▸ THE INPUT
-----

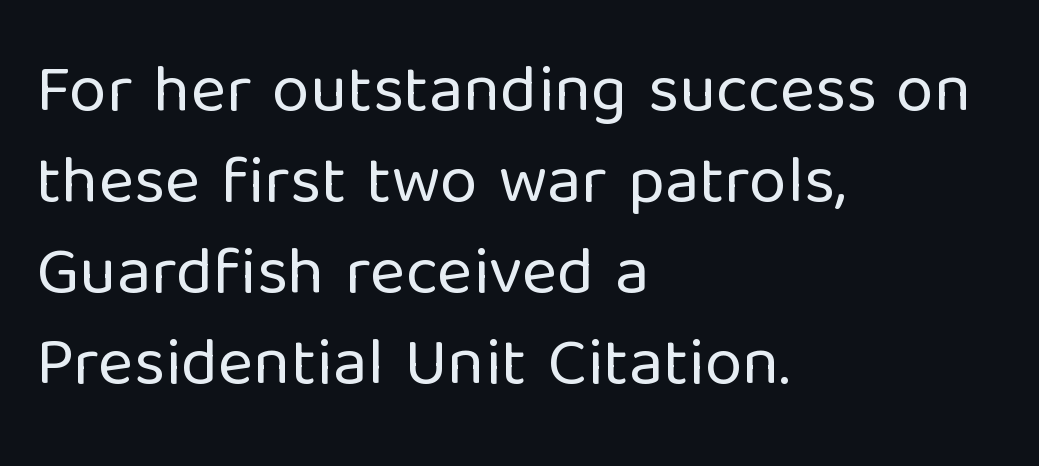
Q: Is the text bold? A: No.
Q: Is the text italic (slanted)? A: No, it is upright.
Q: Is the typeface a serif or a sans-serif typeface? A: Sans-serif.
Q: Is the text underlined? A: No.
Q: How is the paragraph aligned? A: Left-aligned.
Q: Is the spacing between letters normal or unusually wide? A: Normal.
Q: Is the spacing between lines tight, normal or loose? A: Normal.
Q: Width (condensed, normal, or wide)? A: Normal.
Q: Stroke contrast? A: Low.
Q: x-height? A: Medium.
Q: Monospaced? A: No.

-----

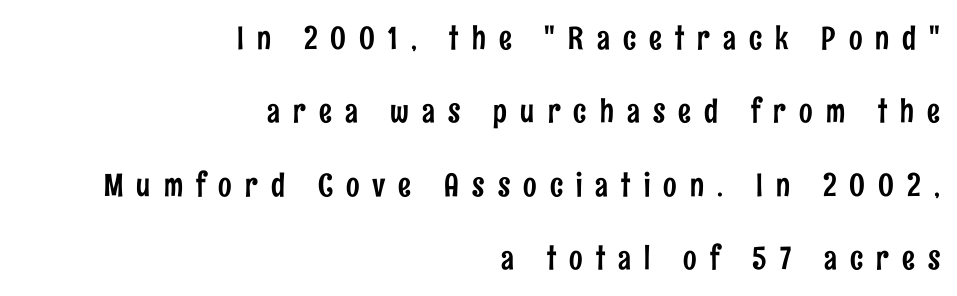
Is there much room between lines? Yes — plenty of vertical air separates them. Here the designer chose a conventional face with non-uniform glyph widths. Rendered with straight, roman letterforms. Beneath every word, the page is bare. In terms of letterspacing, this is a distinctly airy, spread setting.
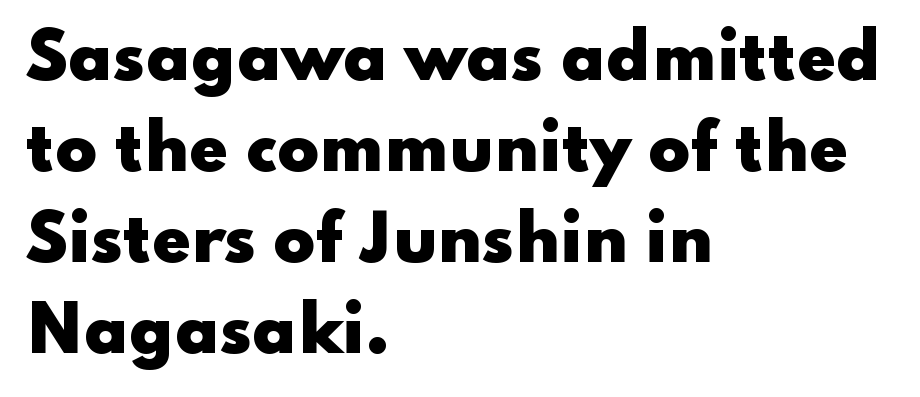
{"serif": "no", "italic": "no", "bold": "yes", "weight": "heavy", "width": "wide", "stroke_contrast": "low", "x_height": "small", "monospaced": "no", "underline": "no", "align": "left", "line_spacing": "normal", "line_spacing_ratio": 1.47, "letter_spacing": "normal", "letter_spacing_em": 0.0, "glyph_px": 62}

-----

▸ WHAT THE TASK ASKS
Give back precisely the lines above that start at the line containing "Q: Is the text italic" and end at the line containing "Q: Monospaced? A: No.", inclusive. No other lines belong in the output.

▸ EXERCISE OUTPUT
Q: Is the text italic (slanted)? A: No, it is upright.
Q: Is the typeface a serif or a sans-serif typeface? A: Sans-serif.
Q: Is the text underlined? A: No.
Q: How is the paragraph aligned? A: Left-aligned.
Q: Is the spacing between letters normal or unusually wide? A: Normal.
Q: Is the spacing between lines tight, normal or loose? A: Normal.
Q: Width (condensed, normal, or wide)? A: Normal.
Q: Stroke contrast? A: Low.
Q: x-height? A: Medium.
Q: Monospaced? A: No.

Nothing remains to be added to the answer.